All I know is that I’m really thankful. I’m like the nerd at the prom who is just glad to be there. It’s encouraging and humbling to hear that my music has been a soundtrack to people’s journeys. I really do feel so blessed and fortunate that not only has God allowed me the gift to write songs, but that I’ve had the incredible gift of doing that for many years and having people listen.

It’s due to God’s grace. I’ve been honest with people through the years, people say I really connect because of that. I am amazed and grateful.

As the three-year anniversary of Maria’s passing nears, do you and your family have plans to celebrate her life?

Her birthday is May 13, just a few days before she went to be with Jesus. We celebrate her birthday as a family. We obviously remember; not a moment or day goes by that we’re not thinking of her or remembering what we’ve walked through. Three years later, it’s not necessarily easier. It’s probably more bearable, but in some ways more difficult. Some of the numbness wears off and the clouds lift; you see some of the devastation and process that in a different way.

As a family, on May 21, we gather at her gravesite.
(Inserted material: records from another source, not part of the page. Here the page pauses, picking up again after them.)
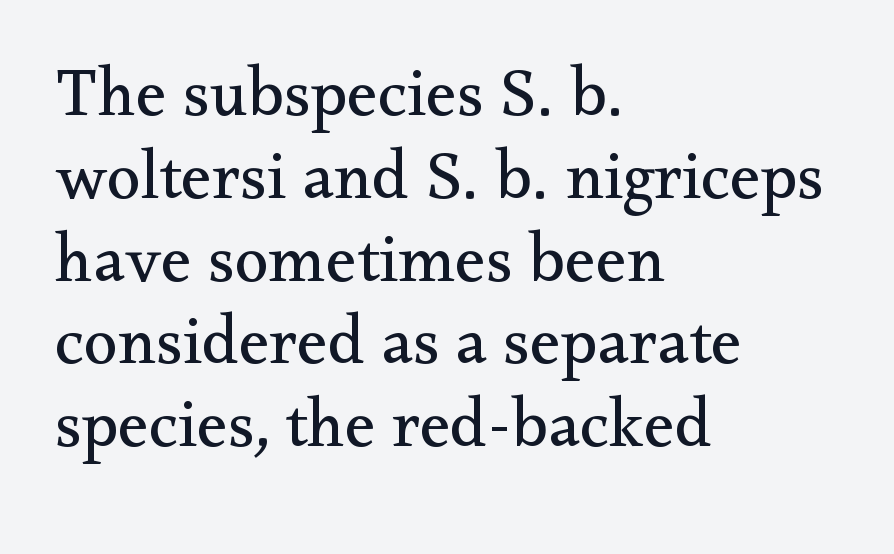
{"serif": "yes", "italic": "no", "bold": "no", "weight": "regular", "width": "normal", "stroke_contrast": "medium", "x_height": "small", "monospaced": "no", "underline": "no", "align": "left", "line_spacing_ratio": 1.2, "letter_spacing": "normal", "letter_spacing_em": 0.0, "glyph_px": 69}
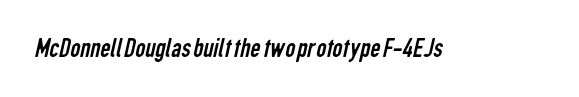
{"serif": "no", "bold": "no", "weight": "regular", "width": "condensed", "stroke_contrast": "low", "x_height": "medium", "monospaced": "no", "underline": "no", "letter_spacing": "normal", "letter_spacing_em": 0.0, "glyph_px": 28}
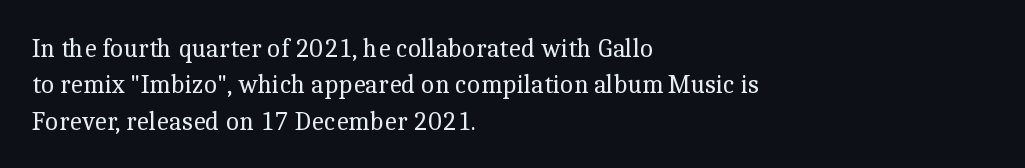
Q: Is the text bold? A: No.
Q: Is the text italic (slanted)? A: No, it is upright.
Q: Is the text underlined? A: No.
Q: How is the paragraph aligned? A: Left-aligned.
Q: Is the spacing between letters normal or unusually wide? A: Normal.
Q: Is the spacing between lines tight, normal or loose? A: Normal.

We gather there to remember her life and remember that the day is coming when we’ll see Maria again. We don’t try to put on a happy face; we sit and cry, we sing worship songs and remind ourselves that we are trusting God and we are going to bless His name when He gives and when He takes away.
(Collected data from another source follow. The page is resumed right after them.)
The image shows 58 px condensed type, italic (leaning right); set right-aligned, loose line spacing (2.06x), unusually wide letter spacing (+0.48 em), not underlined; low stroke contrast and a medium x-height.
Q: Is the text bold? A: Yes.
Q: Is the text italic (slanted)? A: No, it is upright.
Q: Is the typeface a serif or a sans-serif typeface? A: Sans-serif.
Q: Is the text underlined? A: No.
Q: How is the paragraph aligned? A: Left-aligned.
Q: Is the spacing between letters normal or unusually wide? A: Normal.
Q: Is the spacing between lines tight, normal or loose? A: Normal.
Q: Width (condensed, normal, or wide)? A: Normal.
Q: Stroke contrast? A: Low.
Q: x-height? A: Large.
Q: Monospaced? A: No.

We’ll continue to gather at her gravesite until we’re with her in heaven. May 21 is a day that we hold sacred and make sure we’re available to each other; we just need to be close.

A lot of fans are wondering how your son Will Franklin is.  
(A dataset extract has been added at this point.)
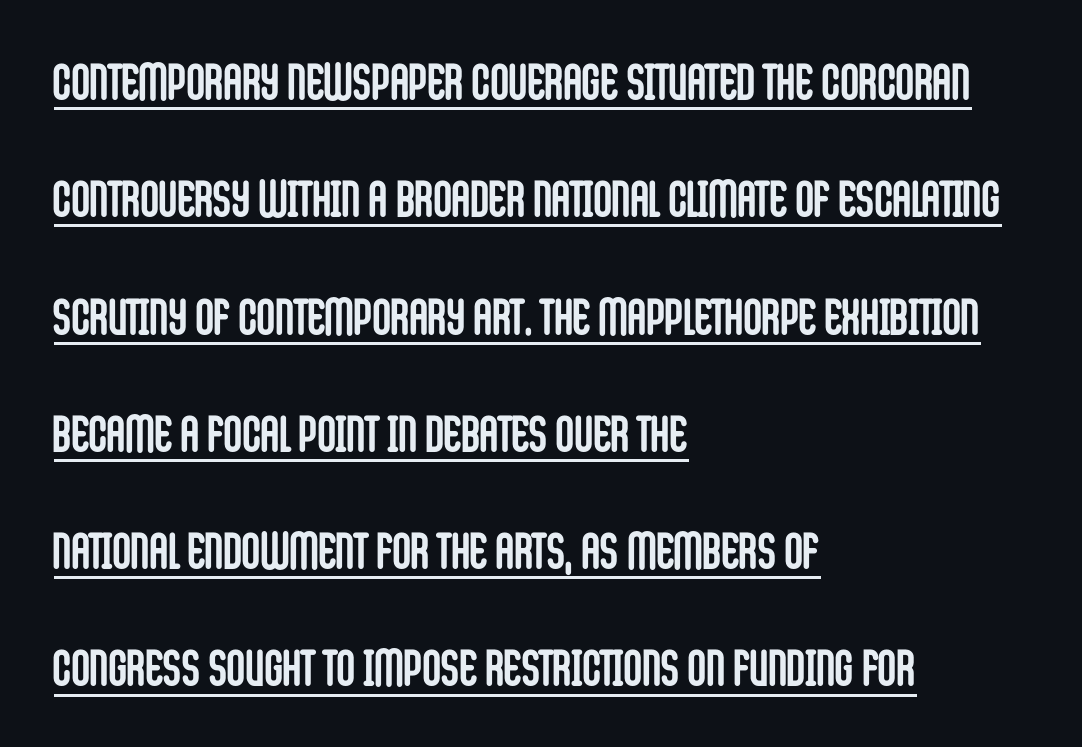
Serifs: no, the terminals of the letterforms are clean. The letters advance in unequal steps, a hallmark of proportional type. Each new line begins a long way beneath the previous one. Every stem runs plumb, perpendicular to the baseline.

Will is a walking miracle for us as a family. We look at him and are amazed. God entrusted so much pain to him and it’s been amazing to watch him take one step at a time and trust God. He just knows to keep moving forward and trust that he’ll see his little sister again.

Until then, he wants to use the time and gifts God’s given him to honor Maria’s memory and honor God. I believe Will’s life tells that story. He feels very strongly that it’s his mission to fight through that darkness and trust God. I see him as an amazing, mighty warrior.

Music has been such an important part of how he’s been able to carry the burden. He’s seen how our story encourages others who are hurting. With him, there is a profound sense of letting God use our story. Will wanted a permanent physical reminder of Maria and had an “M” tattooed above his heart. Recently, he had Hosea 6:1 tattooed on his arm along with the flower that Maria drew the night before she went to heaven.

Tell us a little bit about Show Hope, the nonprofit you and your wife Mary Beth, started.

We started the organization ten years ago. Through the organization, families trying to adopt receive financial assistance. We do orphan care work in China and Africa. Through Show Hope, 2,600 families have adopted children from 45 different countries. Maria’s Big House of Hope in China is a place where orphans who need medical assistance can go. Long-term care for those who are terminal or can’t be adopted due to illness is available there. We want to communicate to these orphans that there’s a God who loves them.

Maria’s Big House of Hope is the beauty that has come from our tragedy. Every spring, near her birthday and Home-going, we do a show in Nashville that raises awareness for adoption. The National Symphony, along with musicians, Broadway performers and celebrities perform the musical “Cinderella.” It’s a really special thing we do in memory of our daughter and is a way to bring more awareness to orphans.

Anderson University is awarding you with an honorary Doctorate in Music in May. How do you feel about that?

It is really, really crazy because I didn’t even finish school there. I do credit Anderson University as the place where I really grew and learned a lot about music and song writing. It was there that I began to understand what God was calling me into and began to hone the craft. It’s so neat that they would ask me back.

They did ask me to speak at their commencement though; I’d do better if I could sing the speech. I am humbled and honored. I don’t feel like I’ve earned it. It’s another reminder of what grace looks like. God doesn’t give us what we deserve, instead He pours blessings out on us.